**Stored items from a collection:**
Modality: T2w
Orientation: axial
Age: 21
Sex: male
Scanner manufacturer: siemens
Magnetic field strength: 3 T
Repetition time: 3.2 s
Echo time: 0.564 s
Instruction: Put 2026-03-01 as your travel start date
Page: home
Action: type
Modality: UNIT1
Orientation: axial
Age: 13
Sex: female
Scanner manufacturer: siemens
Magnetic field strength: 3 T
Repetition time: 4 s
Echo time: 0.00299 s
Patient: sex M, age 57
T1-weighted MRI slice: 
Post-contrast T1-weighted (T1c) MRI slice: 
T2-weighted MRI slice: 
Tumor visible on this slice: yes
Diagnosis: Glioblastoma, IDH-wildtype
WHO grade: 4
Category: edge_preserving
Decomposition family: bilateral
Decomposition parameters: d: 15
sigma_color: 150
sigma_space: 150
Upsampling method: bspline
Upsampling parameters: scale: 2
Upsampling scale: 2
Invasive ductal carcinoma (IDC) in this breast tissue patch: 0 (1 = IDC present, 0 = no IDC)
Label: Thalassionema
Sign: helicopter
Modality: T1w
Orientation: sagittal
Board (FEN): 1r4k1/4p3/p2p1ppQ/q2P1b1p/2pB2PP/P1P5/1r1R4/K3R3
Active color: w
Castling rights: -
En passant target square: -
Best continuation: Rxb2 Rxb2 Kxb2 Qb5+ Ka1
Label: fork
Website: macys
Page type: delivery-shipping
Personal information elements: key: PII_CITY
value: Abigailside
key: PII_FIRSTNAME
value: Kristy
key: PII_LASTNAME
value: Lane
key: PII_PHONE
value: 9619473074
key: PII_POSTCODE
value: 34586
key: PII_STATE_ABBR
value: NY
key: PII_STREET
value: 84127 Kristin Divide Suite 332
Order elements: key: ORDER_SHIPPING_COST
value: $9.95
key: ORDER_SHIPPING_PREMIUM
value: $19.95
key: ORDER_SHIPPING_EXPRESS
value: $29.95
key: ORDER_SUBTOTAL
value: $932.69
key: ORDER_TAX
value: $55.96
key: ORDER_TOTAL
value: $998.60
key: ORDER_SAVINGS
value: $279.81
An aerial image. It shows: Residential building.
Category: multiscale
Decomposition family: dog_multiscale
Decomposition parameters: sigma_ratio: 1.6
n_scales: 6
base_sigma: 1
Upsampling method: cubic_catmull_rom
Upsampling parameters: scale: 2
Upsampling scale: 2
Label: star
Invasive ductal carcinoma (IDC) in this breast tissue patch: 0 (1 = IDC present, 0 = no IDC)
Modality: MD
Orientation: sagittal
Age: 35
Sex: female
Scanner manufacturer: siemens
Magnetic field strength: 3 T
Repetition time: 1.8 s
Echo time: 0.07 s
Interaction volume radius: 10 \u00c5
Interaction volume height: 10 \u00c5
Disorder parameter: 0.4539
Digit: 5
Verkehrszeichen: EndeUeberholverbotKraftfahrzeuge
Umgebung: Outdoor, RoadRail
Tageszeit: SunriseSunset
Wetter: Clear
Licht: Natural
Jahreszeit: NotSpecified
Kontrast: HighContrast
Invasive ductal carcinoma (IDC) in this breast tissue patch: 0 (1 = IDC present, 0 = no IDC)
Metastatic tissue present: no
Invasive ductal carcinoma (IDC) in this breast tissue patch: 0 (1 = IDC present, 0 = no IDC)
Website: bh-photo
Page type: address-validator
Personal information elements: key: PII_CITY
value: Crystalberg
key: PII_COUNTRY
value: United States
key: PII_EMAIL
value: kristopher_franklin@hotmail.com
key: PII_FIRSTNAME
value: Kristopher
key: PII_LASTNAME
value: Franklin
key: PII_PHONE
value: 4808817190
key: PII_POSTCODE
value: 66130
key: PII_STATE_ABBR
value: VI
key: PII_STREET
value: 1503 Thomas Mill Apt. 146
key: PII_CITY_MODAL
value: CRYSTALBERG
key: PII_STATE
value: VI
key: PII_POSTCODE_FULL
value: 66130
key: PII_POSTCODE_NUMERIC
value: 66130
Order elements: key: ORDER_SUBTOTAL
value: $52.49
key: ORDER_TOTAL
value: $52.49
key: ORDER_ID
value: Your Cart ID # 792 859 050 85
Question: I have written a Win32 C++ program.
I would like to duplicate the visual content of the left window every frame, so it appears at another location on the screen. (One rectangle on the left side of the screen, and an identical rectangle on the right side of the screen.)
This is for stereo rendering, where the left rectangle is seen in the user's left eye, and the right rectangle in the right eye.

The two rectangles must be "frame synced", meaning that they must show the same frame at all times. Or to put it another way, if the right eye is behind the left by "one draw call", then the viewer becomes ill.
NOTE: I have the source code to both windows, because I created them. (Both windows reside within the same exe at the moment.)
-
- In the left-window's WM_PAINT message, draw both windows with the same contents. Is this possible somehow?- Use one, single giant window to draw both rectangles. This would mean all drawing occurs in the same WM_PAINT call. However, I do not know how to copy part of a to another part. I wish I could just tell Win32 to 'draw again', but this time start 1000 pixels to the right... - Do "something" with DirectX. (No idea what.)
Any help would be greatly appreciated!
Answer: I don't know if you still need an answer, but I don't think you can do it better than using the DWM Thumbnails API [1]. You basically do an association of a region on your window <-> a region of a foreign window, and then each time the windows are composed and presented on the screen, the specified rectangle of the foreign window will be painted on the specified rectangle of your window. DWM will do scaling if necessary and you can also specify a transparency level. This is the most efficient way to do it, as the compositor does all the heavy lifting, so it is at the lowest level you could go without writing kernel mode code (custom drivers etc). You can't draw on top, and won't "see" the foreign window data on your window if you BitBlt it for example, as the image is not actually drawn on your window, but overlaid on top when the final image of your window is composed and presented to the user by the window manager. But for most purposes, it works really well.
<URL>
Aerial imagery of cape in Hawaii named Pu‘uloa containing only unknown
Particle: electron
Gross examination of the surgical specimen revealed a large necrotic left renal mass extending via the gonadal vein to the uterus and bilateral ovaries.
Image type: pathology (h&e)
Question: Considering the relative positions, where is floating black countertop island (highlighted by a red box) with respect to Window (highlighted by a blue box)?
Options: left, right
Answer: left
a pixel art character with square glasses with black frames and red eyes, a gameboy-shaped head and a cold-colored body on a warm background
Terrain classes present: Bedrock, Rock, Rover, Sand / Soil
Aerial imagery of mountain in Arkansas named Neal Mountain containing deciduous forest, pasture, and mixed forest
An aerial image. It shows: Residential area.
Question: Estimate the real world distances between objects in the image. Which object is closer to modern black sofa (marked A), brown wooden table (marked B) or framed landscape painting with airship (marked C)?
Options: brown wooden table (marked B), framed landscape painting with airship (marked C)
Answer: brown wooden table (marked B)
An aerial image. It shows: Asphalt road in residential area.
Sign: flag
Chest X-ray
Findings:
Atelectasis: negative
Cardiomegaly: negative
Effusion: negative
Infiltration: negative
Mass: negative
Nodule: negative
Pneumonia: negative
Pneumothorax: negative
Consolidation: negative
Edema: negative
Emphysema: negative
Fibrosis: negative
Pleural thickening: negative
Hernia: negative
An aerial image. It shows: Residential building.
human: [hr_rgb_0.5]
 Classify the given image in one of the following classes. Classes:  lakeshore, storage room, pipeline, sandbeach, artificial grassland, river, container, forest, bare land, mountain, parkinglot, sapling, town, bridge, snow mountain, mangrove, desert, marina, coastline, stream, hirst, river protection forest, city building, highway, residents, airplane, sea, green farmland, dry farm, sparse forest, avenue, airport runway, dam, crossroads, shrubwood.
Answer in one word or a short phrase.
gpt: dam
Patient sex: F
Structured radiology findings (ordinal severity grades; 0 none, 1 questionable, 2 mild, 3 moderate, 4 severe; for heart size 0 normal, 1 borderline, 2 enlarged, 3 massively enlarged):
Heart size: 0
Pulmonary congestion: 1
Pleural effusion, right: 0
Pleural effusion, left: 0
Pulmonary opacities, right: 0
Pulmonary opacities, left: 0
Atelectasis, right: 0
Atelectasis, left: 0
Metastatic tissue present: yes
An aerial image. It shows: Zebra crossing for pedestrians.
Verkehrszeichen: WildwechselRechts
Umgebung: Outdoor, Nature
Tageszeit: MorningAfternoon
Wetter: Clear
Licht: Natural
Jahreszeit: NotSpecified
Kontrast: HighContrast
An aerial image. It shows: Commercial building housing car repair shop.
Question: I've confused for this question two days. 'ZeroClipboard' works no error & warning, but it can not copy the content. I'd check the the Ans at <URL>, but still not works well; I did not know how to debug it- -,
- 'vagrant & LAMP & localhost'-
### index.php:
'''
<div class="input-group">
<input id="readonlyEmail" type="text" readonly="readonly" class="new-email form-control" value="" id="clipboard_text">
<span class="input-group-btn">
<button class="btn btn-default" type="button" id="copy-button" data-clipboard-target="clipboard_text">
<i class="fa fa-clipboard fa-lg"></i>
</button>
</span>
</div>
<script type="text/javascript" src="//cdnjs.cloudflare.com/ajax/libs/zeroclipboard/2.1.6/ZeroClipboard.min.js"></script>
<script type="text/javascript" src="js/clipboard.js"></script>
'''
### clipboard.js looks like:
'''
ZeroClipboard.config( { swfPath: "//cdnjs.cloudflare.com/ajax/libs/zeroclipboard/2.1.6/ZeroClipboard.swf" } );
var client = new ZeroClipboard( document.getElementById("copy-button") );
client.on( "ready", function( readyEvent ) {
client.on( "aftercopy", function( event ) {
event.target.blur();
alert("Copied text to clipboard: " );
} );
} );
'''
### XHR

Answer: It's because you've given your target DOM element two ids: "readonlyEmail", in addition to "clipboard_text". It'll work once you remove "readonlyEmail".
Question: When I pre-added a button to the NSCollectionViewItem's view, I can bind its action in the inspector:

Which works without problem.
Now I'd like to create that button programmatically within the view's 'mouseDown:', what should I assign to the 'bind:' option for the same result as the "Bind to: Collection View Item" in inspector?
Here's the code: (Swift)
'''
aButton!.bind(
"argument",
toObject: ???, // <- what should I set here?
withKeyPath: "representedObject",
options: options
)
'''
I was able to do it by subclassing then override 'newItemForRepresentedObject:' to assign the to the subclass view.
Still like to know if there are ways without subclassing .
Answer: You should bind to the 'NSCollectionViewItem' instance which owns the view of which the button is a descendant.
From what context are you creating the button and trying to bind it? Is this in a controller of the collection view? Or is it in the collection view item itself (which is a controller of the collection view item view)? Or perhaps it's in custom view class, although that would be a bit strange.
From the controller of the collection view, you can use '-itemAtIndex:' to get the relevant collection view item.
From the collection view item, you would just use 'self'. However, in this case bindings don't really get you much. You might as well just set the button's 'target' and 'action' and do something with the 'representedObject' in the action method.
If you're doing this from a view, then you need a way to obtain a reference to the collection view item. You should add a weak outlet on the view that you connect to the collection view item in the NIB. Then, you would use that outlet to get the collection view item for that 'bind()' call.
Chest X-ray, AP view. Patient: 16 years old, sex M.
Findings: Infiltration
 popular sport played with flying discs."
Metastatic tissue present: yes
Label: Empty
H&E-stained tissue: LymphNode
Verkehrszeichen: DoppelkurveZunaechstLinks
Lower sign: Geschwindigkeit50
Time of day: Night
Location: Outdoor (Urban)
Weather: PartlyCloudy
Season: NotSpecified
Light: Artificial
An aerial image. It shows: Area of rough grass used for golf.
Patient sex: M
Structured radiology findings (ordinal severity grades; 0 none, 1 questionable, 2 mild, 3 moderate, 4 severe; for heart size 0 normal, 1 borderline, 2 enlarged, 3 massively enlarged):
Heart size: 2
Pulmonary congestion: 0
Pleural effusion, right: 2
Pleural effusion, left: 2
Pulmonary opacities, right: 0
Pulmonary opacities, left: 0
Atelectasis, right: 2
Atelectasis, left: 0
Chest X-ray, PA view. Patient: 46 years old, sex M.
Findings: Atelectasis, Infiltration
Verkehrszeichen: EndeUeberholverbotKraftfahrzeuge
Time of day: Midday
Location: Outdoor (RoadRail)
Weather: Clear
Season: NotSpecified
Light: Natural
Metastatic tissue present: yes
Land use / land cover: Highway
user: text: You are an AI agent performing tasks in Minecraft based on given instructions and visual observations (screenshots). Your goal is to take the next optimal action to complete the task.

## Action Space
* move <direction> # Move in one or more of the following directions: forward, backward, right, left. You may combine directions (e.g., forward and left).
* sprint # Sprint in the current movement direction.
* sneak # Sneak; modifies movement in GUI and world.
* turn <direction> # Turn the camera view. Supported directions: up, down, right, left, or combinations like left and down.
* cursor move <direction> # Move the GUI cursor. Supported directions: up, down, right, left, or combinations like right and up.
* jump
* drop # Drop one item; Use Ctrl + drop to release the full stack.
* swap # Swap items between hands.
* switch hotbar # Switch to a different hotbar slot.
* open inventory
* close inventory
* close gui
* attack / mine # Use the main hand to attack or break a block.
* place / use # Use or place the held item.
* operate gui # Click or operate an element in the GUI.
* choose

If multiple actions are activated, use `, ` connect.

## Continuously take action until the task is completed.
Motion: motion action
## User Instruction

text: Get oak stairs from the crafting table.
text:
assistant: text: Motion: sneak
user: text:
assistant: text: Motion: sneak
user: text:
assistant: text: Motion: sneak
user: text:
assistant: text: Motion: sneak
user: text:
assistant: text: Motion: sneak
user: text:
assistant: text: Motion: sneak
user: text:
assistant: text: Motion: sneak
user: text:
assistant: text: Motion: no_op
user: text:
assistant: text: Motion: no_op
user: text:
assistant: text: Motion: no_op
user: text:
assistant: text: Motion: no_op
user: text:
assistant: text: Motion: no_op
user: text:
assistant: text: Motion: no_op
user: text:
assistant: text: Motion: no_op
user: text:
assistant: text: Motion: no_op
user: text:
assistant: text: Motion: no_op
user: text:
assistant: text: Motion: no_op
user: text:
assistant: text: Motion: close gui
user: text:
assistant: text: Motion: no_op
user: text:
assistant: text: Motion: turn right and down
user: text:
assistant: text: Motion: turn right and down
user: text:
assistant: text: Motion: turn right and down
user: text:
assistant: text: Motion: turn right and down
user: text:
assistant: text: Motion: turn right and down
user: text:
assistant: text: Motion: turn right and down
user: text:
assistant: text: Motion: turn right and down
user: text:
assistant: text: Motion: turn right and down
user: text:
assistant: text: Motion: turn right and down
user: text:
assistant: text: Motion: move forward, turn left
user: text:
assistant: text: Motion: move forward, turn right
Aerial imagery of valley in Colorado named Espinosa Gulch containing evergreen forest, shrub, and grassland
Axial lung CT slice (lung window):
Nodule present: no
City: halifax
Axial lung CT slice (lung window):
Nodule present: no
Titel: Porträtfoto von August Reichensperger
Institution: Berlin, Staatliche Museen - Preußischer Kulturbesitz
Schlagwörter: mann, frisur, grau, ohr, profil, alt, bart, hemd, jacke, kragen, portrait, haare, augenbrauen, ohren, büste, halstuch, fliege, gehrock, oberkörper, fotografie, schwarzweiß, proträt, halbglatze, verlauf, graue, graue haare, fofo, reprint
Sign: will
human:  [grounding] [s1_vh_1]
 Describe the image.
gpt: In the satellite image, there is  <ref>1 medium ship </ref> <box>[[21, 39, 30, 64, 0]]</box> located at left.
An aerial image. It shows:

**Work instruction:** Count the lines in the records above that hold the word "table", and give only that number.

**Result for this task:** 4